Senator Bingaman reintroduces Rio Grande del Norte
Members of New Mexico’s congressional delegation led by U.S. Sen. Jeff Bingaman yesterday re-introduced legislation cosponsored by Sen. Tom Udall (D-NM) that would protect roughly 236,980 acres of the most scenic and ecologically significant lands in northern New Mexico. A House version was introduced by Rep. Ben Ray Lujan (D, NM-3), cosponsored by Rep. Martin Heinrich (D, NM-1).
The legislation, the Río Grande del Norte National Conservation Area Establishment Act (S. 667/H.R. 1241), would protect over 21,000 acres of Wilderness and roughly 236,980 acres as a National Conservation Area. It would ensure protection of some of the most ecologically significant lands in the state of New Mexico and help secure traditional ways of life in Northern New Mexico for local residents as well as hunters, ranchers, and outfitters.
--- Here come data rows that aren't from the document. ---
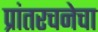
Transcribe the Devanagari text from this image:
प्रांतरचनेचा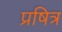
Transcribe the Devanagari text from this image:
प्रषित्र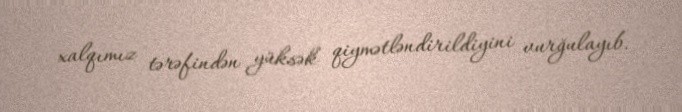
xalqımız tərəfindən yüksək qiymətləndirildiyini vurğulayıb.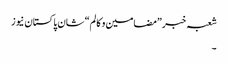
شعبہ خبر ”مضامین و کالم“ شان پاکستان نیوز
۔

The legislation was first introduced in April 2009, but did not pass before the 111th Congress adjourned.
One of the most striking features of the area is Ute Mountain, the highest point on New Mexico Bureau of Land Management land. Ute rises up from the surrounding sage plain to an elevation of 10,093 feet.
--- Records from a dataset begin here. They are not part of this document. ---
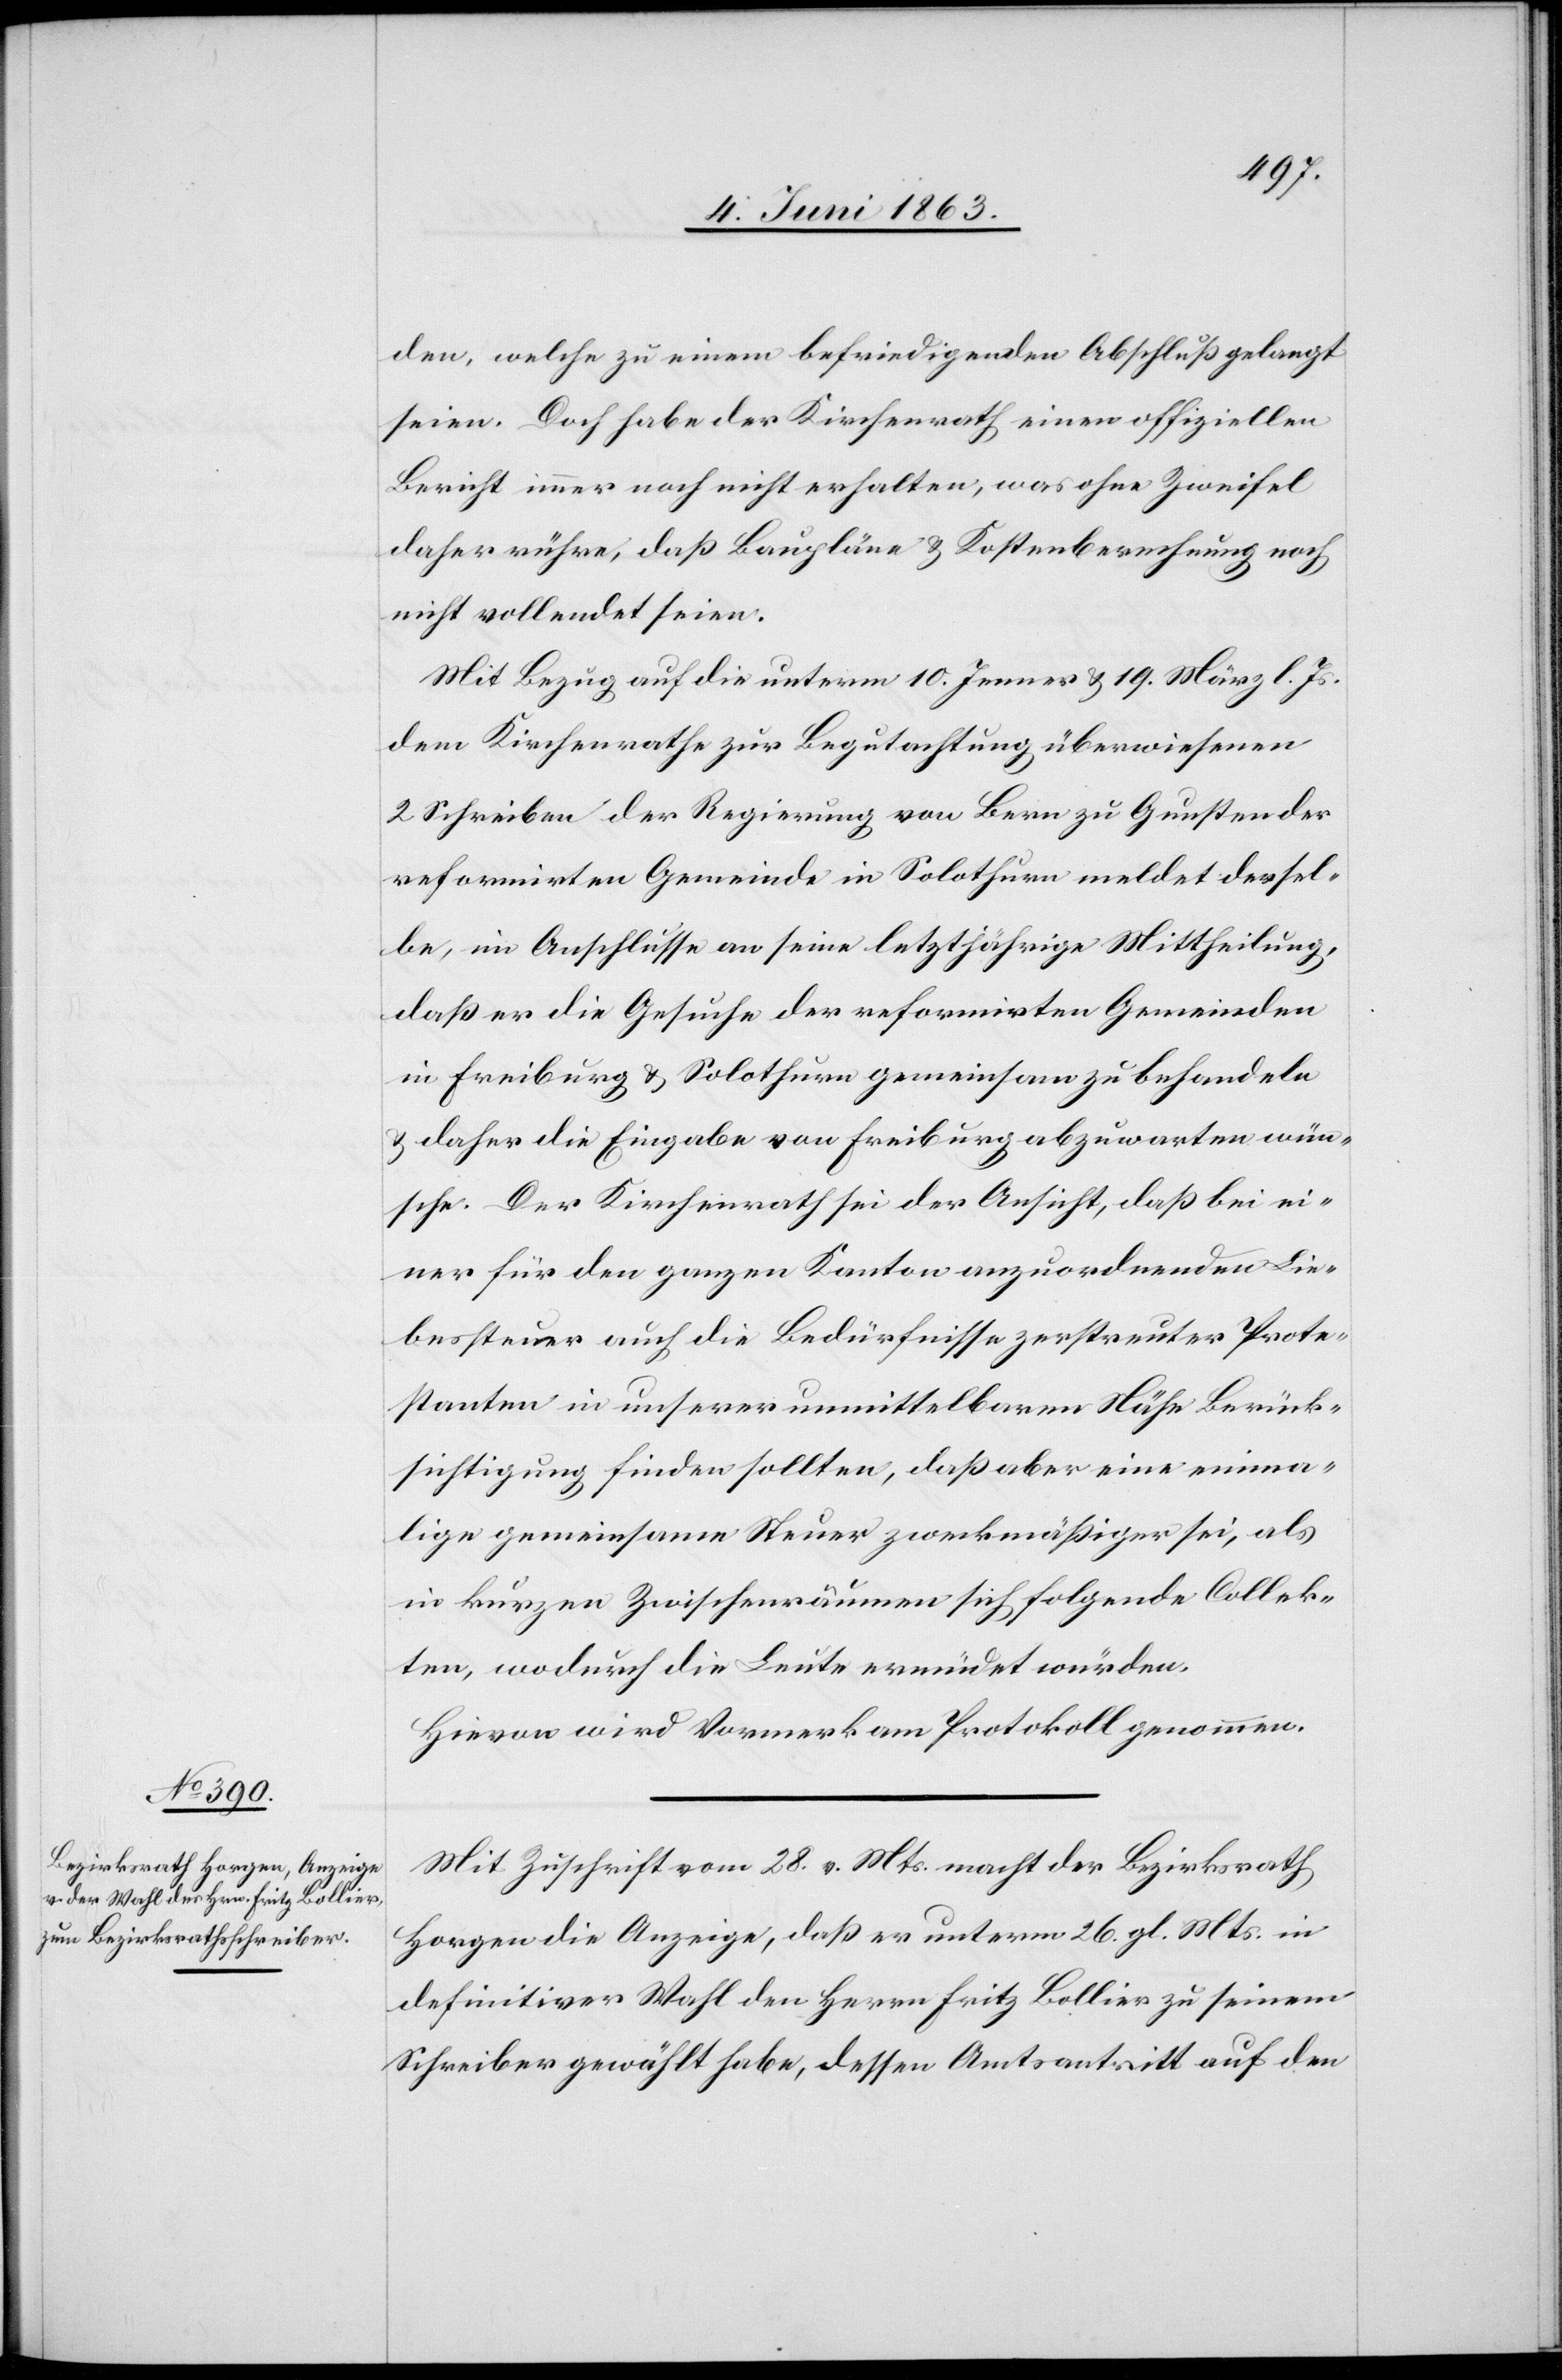
den, welche zu einem befriedigenden Abschluß gelangt
seien. Doch habe der Kirchenrath einen offiziellen
Bericht immer noch nicht erhalten, was ohne Zweifel
daher rühre, daß Baupläne & Kostenberechnung noch
nicht vollendet seien.
Mit Bezug auf die unterm 10. Jenner & 19. März l. Js.
dem Kirchenrathe zur Begutachtung überwiesenen
2 Schreiben der Regierung von Bern zu Gunsten der
reformirten Gemeinde in Solothurn meldet dersel¬
be, im Anschlusse an seine letztjährige Mittheilung,
daß er die Gesuche der reformirten Gemeinden
in Freiburg & Solothurn gemeinsam zu behandeln
& daher die Eingabe von Freiburg abzuwarten wün¬
sche. Der Kirchenrath sei der Ansicht, daß bei ei¬
ner für den ganzen Kanton anzuordnenden Lie¬
bessteuer auch die Bedürfnisse zerstreuter Prote¬
stanten in unserer unmittelbaren Nähe Berück¬
sichtigung finden sollten, daß aber eine einma¬
lige gemeinsame Steuer zweckmäßiger sei, als
in kurzen Zwischenräumen sich folgende Collek¬
ten, wodurch die Leute ermüdet würden.
Hievon wird Vormerk am Protokoll genommen.
Mit Zuschrift vom 28. v. Mts. macht der Bezirksrath
Horgen die Anzeige, daß er unterm 26. gl. Mts. in
definitiver Wahl den Herrn Fritz Bollier zu seinem
Schreiber gewählt habe, dessen Amtsantritt auf den

The legislation would protect the upper reaches of the Rio Grande Gorge, known as one of the world’s great avian migratory routes. Eagles, falcons and hawks nest on the walls of the Gorge and numerous species -- including majestic sandhill cranes -- migrate through the area. Wilderness protection assures the ecological future of these incredible birds, as well as important game species like pronghorn and elk.
The legislation would also safeguard world-class recreation opportunities, such as hiking, hunting and fishing. Grazing and vehicle and utility access would continue in already-existing areas, and water rights would not be affected.
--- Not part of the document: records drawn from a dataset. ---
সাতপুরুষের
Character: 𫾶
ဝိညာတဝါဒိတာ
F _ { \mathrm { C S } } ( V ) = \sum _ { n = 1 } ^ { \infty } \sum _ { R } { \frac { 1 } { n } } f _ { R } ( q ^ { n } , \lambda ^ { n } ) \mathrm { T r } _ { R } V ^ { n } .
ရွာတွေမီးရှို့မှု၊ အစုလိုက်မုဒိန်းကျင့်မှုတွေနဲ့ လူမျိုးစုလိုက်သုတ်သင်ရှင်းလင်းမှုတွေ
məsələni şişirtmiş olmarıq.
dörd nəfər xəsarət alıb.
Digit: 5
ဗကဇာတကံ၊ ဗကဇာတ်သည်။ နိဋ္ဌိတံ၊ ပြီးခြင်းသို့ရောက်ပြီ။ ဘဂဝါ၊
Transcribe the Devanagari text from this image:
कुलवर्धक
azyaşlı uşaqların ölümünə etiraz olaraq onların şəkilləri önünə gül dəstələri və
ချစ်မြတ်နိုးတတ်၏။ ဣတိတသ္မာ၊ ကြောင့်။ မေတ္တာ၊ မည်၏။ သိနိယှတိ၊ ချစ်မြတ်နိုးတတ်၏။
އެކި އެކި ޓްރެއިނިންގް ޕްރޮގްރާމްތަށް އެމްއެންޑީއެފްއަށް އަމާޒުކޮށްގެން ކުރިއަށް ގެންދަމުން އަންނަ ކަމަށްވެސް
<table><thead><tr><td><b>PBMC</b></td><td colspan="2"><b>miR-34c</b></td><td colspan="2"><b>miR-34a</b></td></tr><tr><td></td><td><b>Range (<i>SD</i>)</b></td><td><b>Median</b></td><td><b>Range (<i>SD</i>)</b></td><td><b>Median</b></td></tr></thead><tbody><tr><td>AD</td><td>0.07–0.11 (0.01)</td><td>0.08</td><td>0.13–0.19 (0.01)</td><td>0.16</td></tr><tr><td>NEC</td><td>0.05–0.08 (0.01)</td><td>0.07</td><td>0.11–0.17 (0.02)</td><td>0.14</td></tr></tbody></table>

“This important bill would keep New Mexico’s most treasured natural resource pristine and protected,” said Michael Casaus, the New Mexico State Director at The Wilderness Society. “The El Río Grande Del Norte National Conservation Area Establishment Act would protect our wild lands that New Mexico communities have enjoyed for generations.”
Through efforts with our local partners -- such as New Mexico Wilderness Alliance and New Mexico Wildlife Federation, hunters and anglers, business leaders and outfitters and state and federal elected officials --The Wilderness Society hopes to see the Río Grande Del Norte National Conservation Area Establishment Act finally enacted this Congress to protect our lands and waters for New Mexico’s future.